Трегубов взял заявление, прочитал его и положил на стол.
- А вот на этой копии распишитесь. Расписывайтесь, Василий Петрович, иначе придется свидетелей приглашать. Я ведь все равно не оставлю Вас в покое.
Трегубов расписался на заявление и вернул его Яковлеву. Андрей сложил листок и, уже держась за дверную ручку, спросил:
- Может, все-таки решим дело мирным путем, а, Василий Петрович?
- Иди. Бастуй, сколько тебе влезет.
- Ну что же, как принято говорить в таких случаях, встретимся в суде, господин Трегубов!

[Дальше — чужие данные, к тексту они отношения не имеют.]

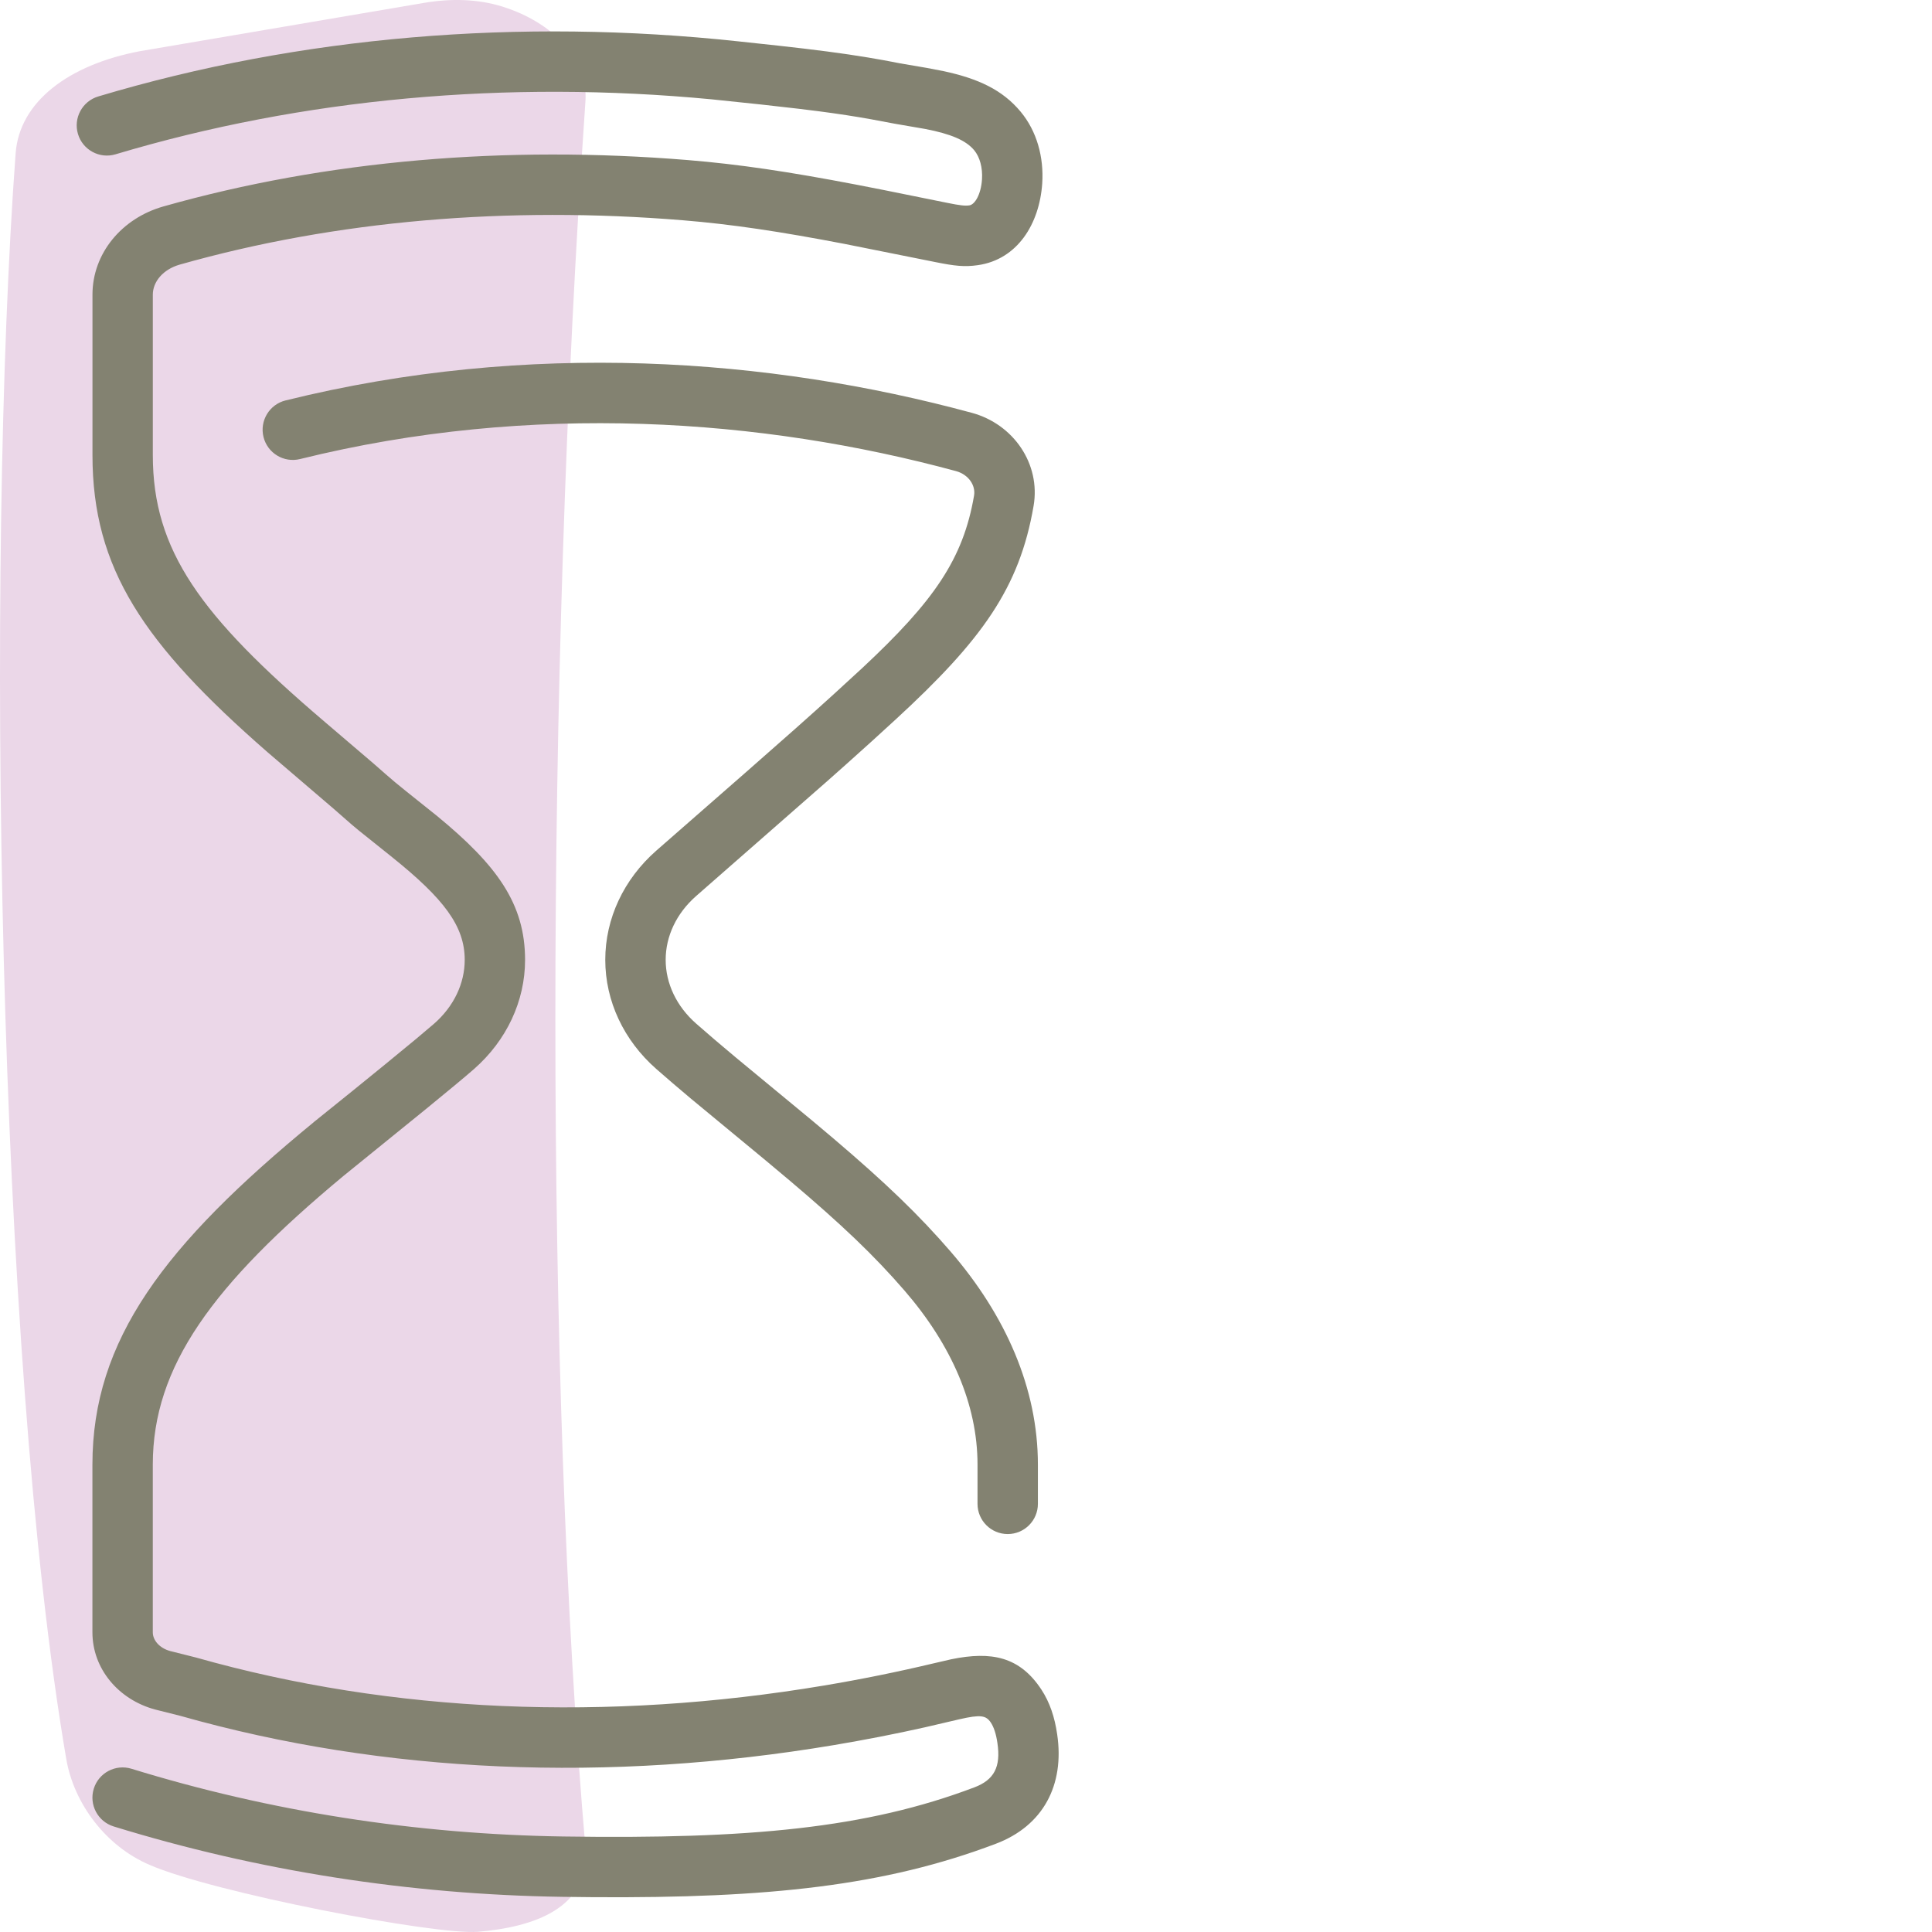 <svg height="80" viewBox="0 0 80 80" width="80" xmlns="http://www.w3.org/2000/svg"><g fill="none" fill-rule="evenodd"><path d="m24.242 76.518c.216 2.511-2.18 3.281-4.44 3.473-1.767.149-10.995-1.626-13.619-2.775-1.797-.771-3.122-2.528-3.439-4.38-2.864-16.706-3.343-49.576-2.097-66.485.158-2.146 2.206-3.672 5.137-4.23l11.782-2.003c1.082-.184 2.206-.17 3.251.159 2.058.648 3.545 2.162 3.425 3.912-1.661 24.14-1.661 53.055 0 72.329" fill="#ebd7e8"/><path d="m12.987 46.469c.054-.04 2.769-2.224 4.25-3.456l.743-.629c.816-.717 1.263-1.665 1.263-2.64 0-1.399-.866-2.531-3.004-4.249l-1.393-1.115c-.194-.16-.365-.305-.527-.45l-.478-.419-2.772-2.372c-5.112-4.465-7.24-7.585-7.24-12.294v-6.645c0-1.702 1.207-3.161 2.935-3.651 6.767-1.918 14.184-2.538 21.719-1.921 2.122.174 4.192.485 6.949 1.013l1.141.223 2.662.538c.516.104.723.128.903.102.226-.032.481-.446.524-1.073.032-.487-.09-.929-.322-1.209-.341-.41-.959-.675-2.03-.882l-1.253-.216-.982-.184c-.671-.121-1.361-.227-2.158-.331l-.835-.104-1.569-.178-2.056-.215c-8.458-.804-16.894-.051-24.672 2.277-.661.198-1.358-.178-1.556-.839-.198-.661.178-1.358.839-1.556 8.364-2.503 17.438-3.255 26.501-2.282l1.644.177c1.525.168 2.675.316 3.743.494l.633.11.68.13 1.096.187.713.137c1.432.309 2.431.773 3.185 1.679.67.806.966 1.88.893 2.975-.116 1.67-1.025 3.144-2.665 3.379-.557.079-.956.034-1.751-.126l-3.766-.754c-2.682-.514-4.676-.814-6.696-.979-7.247-.594-14.366.001-20.833 1.835-.692.196-1.117.709-1.117 1.245v6.645c0 3.953 1.972 6.654 7.078 11.01l2.073 1.77.497.436c.234.208.498.427.854.712l1.257 1.005c2.498 2.052 3.655 3.648 3.655 5.968 0 1.709-.767 3.335-2.112 4.518-.361.317-1.131.954-1.964 1.635l-3.45 2.798c-5.419 4.505-7.889 7.881-7.889 11.948v6.946c0 .326.276.655.724.775l1.059.266c8.145 2.309 17.046 2.662 26.005 1.162 1.536-.257 3.049-.564 4.542-.919l.735-.17c1.663-.341 2.831-.109 3.728 1.253.353.538.553 1.15.655 1.853.313 2.108-.582 3.794-2.542 4.535-4.58 1.735-9.381 2.26-16.67 2.211l-1.274-.014c-6.337-.094-12.611-1.074-18.58-2.914-.66-.203-1.03-.903-.826-1.563.203-.66.903-1.03 1.563-.826 5.74 1.77 11.779 2.713 17.88 2.804 7.719.115 12.556-.343 17.022-2.035.816-.309 1.1-.844.953-1.834-.054-.374-.145-.652-.27-.843-.202-.307-.428-.342-1.303-.142l-1.423.332c-1.245.279-2.504.524-3.777.738-9.313 1.56-18.586 1.192-27.063-1.212l-1.043-.262c-1.519-.409-2.595-1.691-2.595-3.195v-6.946c0-5.153 2.954-9.083 9.177-14.189zm-1.161-29.888c10.073-2.494 20.039-1.759 28.414.513 1.732.469 2.857 2.121 2.559 3.853-.583 3.401-2.141 5.557-5.706 8.839-.69.635-1.33 1.216-2.06 1.867l-.764.679-5.444 4.771c-.815.716-1.261 1.664-1.261 2.641 0 .976.447 1.924 1.261 2.64.25.219.503.439.772.669l.868.732 3.191 2.637c2.375 1.984 3.866 3.351 5.238 4.872l.454.514c2.307 2.668 3.629 5.694 3.629 8.836v1.628c0 .69-.56 1.25-1.25 1.25-.69 0-1.25-.56-1.25-1.25v-1.628c0-2.485-1.08-4.956-3.02-7.2-1.269-1.467-2.601-2.733-4.743-4.547l-1.021-.856-3.103-2.565-.738-.626-.678-.588c-1.345-1.182-2.111-2.809-2.111-4.518 0-1.71.766-3.337 2.111-4.519l3.751-3.282c1.539-1.349 2.576-2.268 3.582-3.182l1.204-1.105c2.963-2.767 4.172-4.507 4.622-7.132.074-.429-.232-.877-.749-1.017-8-2.17-17.562-2.875-27.159-.499-.67.166-1.348-.243-1.514-.913-.166-.67.243-1.348.913-1.514z" fill="#838271"/></g></svg>

«Как все же хорошо иметь депутатскую неприкосновенность, - подумал Яковлев, выйдя от своего начальника. – Можно фамильярничать с начальством. И не бояться, что тебя тут же выкинут за ворота. Нет, нужна она депутату, неприкосновенность, нужна. Для защиты от таких  гадов, как Трегубов, Статенин.  Плохо, что используют депутаты ее, неприкосновенность, не по назначению. Все опорочено.  Звания журналиста, депутата не звучат гордо. Одни сплошные жулики и приспособленцы засели в средствах массовой информации и во власти»
Сегодня уже ничем не было желания заниматься, и Яковлев поехал домой.